I'm not talking about Visual Studio itself not being accessible; that program
is as accessible as can be, except for the WPF designer, but to be honest, I'd
rather learn XAML for that purpose anyway since it's more precise and fun to
dig in, and I believe all programmers should do the same. What is bothering me
is that programs are allowed to be compiled without all things labeled and
adequate named and described by UIA properties, you know? And it's not just
the blind I'm defending here. This is a problem for sighted individuals too.
I believe that if a program (free or paid, open source or not), will be
released to the public for download and use, then everything needs to be
labeled, and that the interface needs to be easy for users of all levels to
follow.

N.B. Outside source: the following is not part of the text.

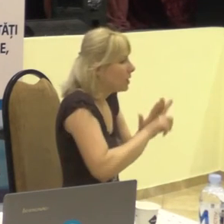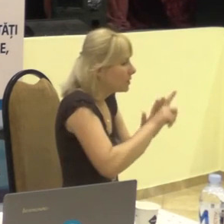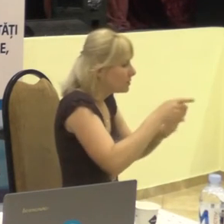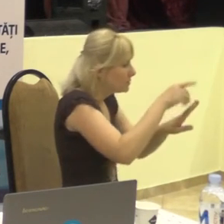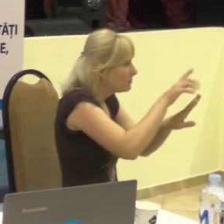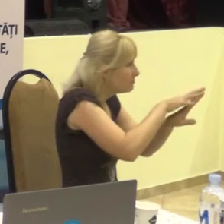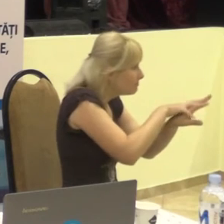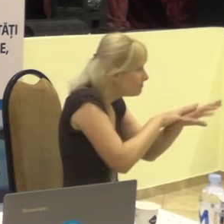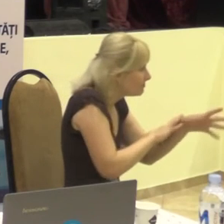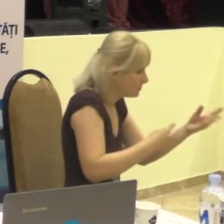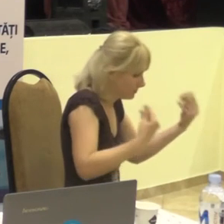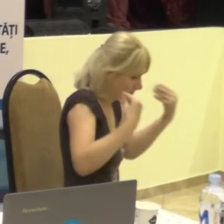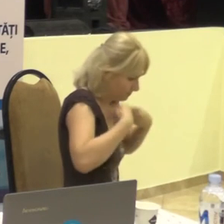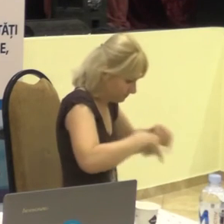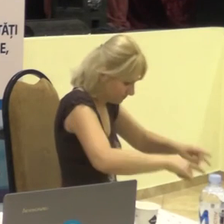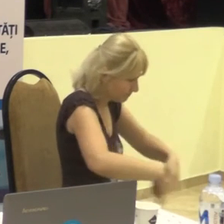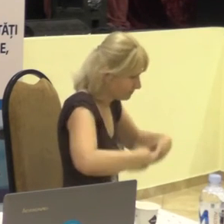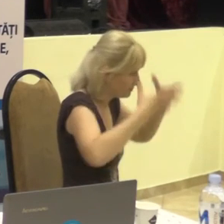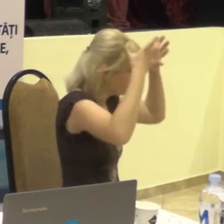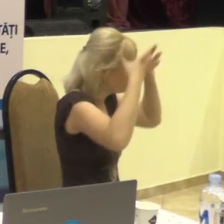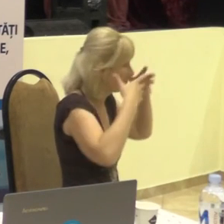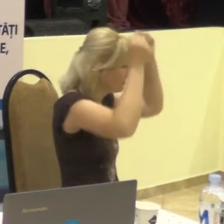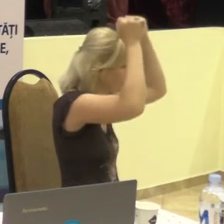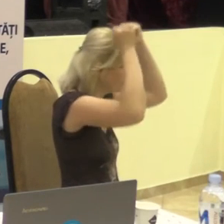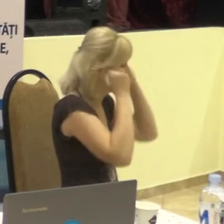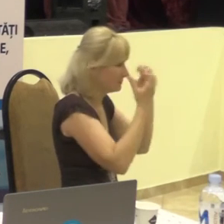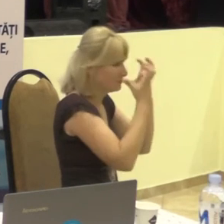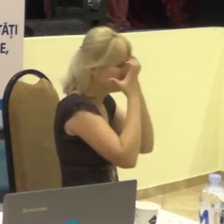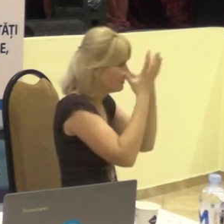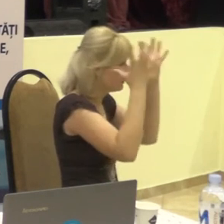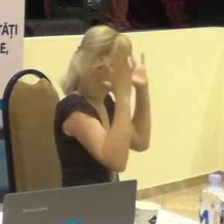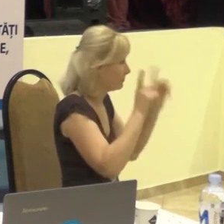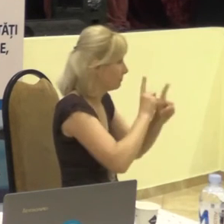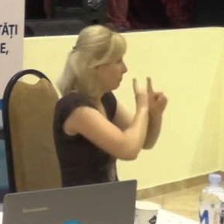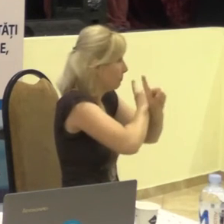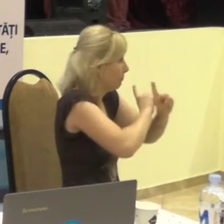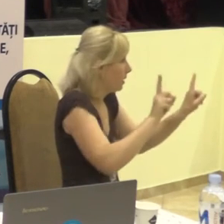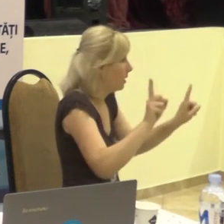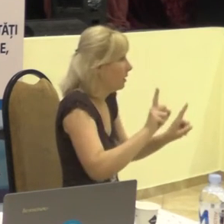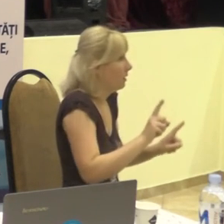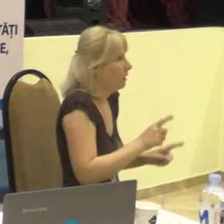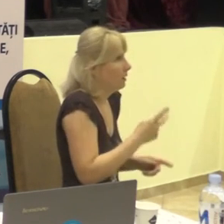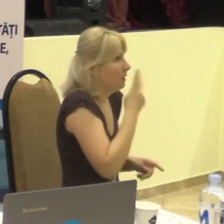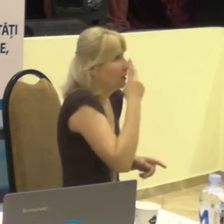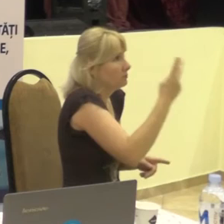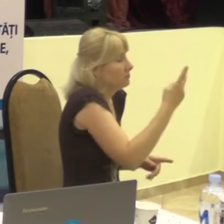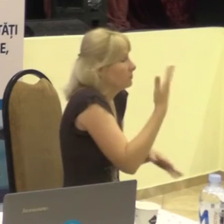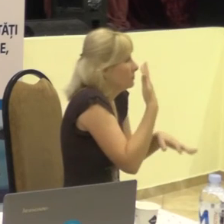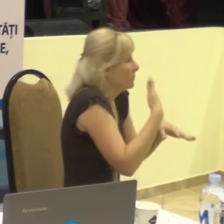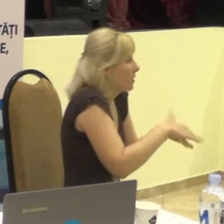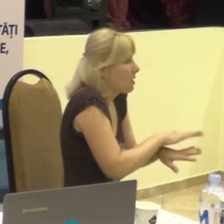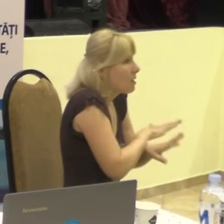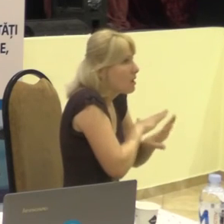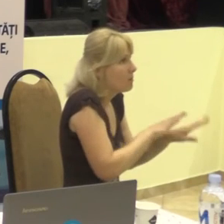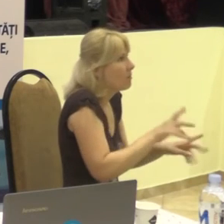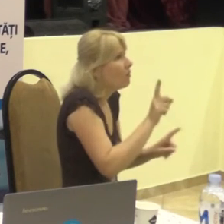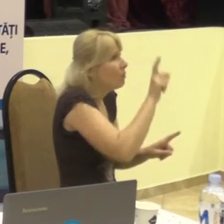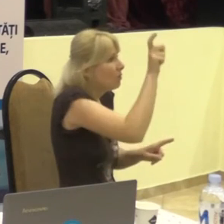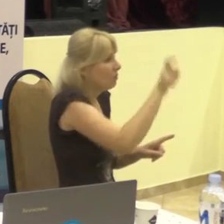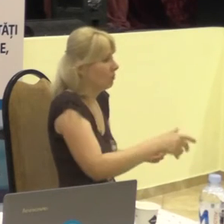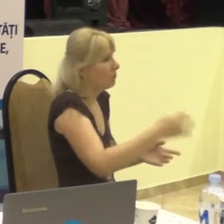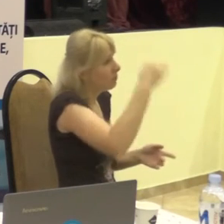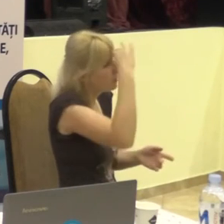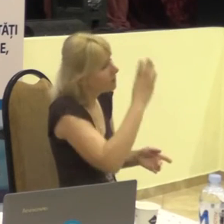terminând cu capul, picioarele și așa mai departe. Nu puteai înțelege cine este,

But not labeling buttons and fields makes it insanely difficult for
blind people because if a screen reader (the word is screen reader, not
E-Reader; that's a different term), is trying to discover the information
behind a button or textbox, then all it will be able to report to the user is
something like edit or button when ideally it will say something like, for
instance if the edit field was for a server name say if one was connecting to a
particular server, the screen reader would say servername edit if the button
were labeled properly, and not to mention, sighted people would have a better
time of it too not having to hunt for the right values in the right text boxes.
-Original Message-
From: ozdotnet-boun...@ozdotnet.com [mailto:ozdotnet-boun...@ozdotnet.com] On
Behalf Of ste...@malikoff.com
Sent: Thursday, December 13, 2012 11:34 PM
To: ozDotNet
Subject: Visual accessibility Re: field/button/control labeling enforcement in
Visual Studio sometime: who agrees with this proposal?
Katherine,
I'm a lurker on this list. Not being visually impaired myself, I hadn't thought
about people such as yourself having such frustration with the tools we use, as
most attention goes to online accessiblity. Perhaps Microsoft and others aren't
aware (or aware enough) that blind people do write code. You mention open
source so from your point of view how does Eclipse stack up in impaired
accessibility compared to Visual Studio?
As for website accessibility, I'm hoping you're better served. When I designed
and built the online public litter and illegal dumping reporting system for the
Queensland Government there was a strong mandate in the requirements to make it
accessible to visually impaired people, at least for all the public-facing
components. Alt tags, no flash, caption tags, careful Javascript use, no frames
and other strict requirements were set.
TO achieve this I found the US government Section 508 Web Accessibility
Standards to be very helpful, as well as the Illinois Center for Information
Technology and Web Accessibility guidelines. To test accessibility I found
browser plug-ins such as the JAWS and WAVE toolbars to be very helpful as these
allowed me to see what the page would look like to an e-reader as well as in
contrasting large fonts for use by a partially sighted person.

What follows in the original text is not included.